Table  3 contrasts the continental locations of the originating medical schools for pathologist and non-pathologist merit award-winners; for the ten medical schools with the greatest numbers of award-winners. 96.4% of pathologist merit award-winners were from European medical schools, in comparison 91.4% of the non-pathologist award-winners were from European medical schools.

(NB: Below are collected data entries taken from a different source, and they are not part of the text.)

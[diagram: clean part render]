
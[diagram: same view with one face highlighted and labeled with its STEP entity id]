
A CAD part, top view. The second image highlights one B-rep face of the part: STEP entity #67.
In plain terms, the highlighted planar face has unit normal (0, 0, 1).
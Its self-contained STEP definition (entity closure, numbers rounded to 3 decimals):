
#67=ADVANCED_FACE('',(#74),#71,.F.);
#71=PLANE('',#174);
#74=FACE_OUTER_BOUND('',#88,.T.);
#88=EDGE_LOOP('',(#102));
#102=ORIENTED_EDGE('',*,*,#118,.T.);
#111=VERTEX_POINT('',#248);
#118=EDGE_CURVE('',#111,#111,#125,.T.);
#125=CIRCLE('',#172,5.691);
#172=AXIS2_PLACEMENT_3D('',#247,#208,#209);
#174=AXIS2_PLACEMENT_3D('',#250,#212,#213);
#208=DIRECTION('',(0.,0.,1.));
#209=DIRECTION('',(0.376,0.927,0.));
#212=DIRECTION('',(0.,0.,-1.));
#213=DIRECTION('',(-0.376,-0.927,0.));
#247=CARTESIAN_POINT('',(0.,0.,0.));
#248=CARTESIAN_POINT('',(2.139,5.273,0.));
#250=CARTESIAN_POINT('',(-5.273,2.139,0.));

Pearson’s Chi-Square test indicated that there was not a statistically significant difference between the continental locations of the originating medical schools for pathologists and non-pathologist merit award-winners, p  > 0.05.

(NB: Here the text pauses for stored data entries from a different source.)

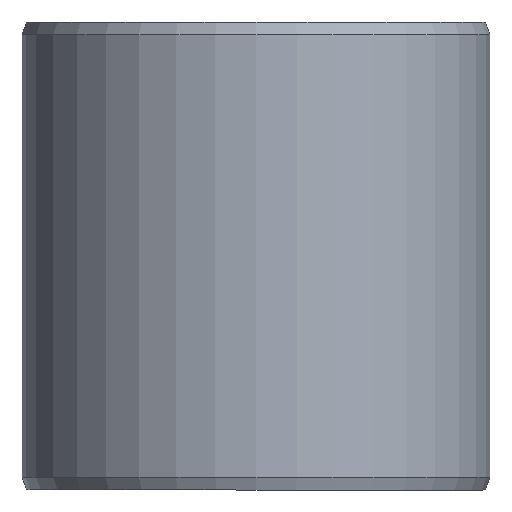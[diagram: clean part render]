
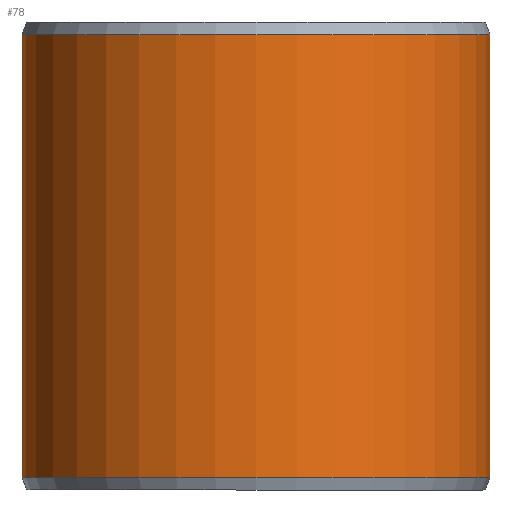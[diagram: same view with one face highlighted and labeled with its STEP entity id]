
A CAD part, front view. The second image highlights one B-rep face of the part: STEP entity #78.
In plain terms, the highlighted cylindrical face has radius 32.5 mm (diameter 65 mm), a partial arc.
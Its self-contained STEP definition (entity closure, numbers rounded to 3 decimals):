
#78=ADVANCED_FACE('',(#98),#99,.T.);
#98=FACE_OUTER_BOUND('',#130,.T.);
#99=CYLINDRICAL_SURFACE('',#131,32.5);
#130=EDGE_LOOP('',(#177,#178,#179,#180));
#131=AXIS2_PLACEMENT_3D('',#181,#182,#183);
#177=ORIENTED_EDGE('',*,*,#291,.F.);
#178=ORIENTED_EDGE('',*,*,#290,.F.);
#179=ORIENTED_EDGE('',*,*,#292,.F.);
#180=ORIENTED_EDGE('',*,*,#293,.T.);
#181=CARTESIAN_POINT('',(0.,0.,32.5));
#182=DIRECTION('',(0.,0.,1.0));
#183=DIRECTION('',(-1.0,0.,0.));
#290=EDGE_CURVE('',#336,#332,#338,.T.);
#291=EDGE_CURVE('',#332,#339,#340,.T.);
#292=EDGE_CURVE('',#341,#336,#342,.T.);
#293=EDGE_CURVE('',#341,#339,#343,.T.);
#332=VERTEX_POINT('',#398);
#336=VERTEX_POINT('',#403);
#338=CIRCLE('',#406,32.5);
#339=VERTEX_POINT('',#407);
#340=LINE('',#408,#409);
#341=VERTEX_POINT('',#410);
#342=LINE('',#411,#412);
#343=CIRCLE('',#413,32.5);
#398=CARTESIAN_POINT('',(32.5,0.,63.2));
#403=CARTESIAN_POINT('',(-32.5,0.,63.2));
#406=AXIS2_PLACEMENT_3D('',#482,#483,#484);
#407=CARTESIAN_POINT('',(32.5,0.,1.8));
#408=CARTESIAN_POINT('',(32.5,0.,32.5));
#409=VECTOR('',#485,1.0);
#410=CARTESIAN_POINT('',(-32.5,0.,1.8));
#411=CARTESIAN_POINT('',(-32.5,0.,1.8));
#412=VECTOR('',#486,10.0);
#413=AXIS2_PLACEMENT_3D('',#487,#488,#489);
#482=CARTESIAN_POINT('',(0.,0.,63.2));
#483=DIRECTION('',(0.,0.,1.0));
#484=DIRECTION('',(-1.0,0.,0.));
#485=DIRECTION('',(0.,0.,-1.0));
#486=DIRECTION('',(0.,0.,1.0));
#487=CARTESIAN_POINT('',(0.,0.,1.8));
#488=DIRECTION('',(0.,0.,1.0));
#489=DIRECTION('',(-1.0,0.,0.));

After evaluating the top 20 university medical schools (arranged on the basis of award-winners’ frequencies), a moderate and positive correlation was found between the age of the medical school by establishment date and the number of award-winners corrected by size (number of admissions), r [ 18 ] = 0.47, p  = 0.04.

11.4% of all the merit award-winners were international medical graduates (IMGs) - meaning that they were not graduates of UK or Irish medical schools. 9% of the pathologist award-winners were IMGs. The pathologist tier 3 award-winners included the greatest proportion of IMG award-winners at 13.9%.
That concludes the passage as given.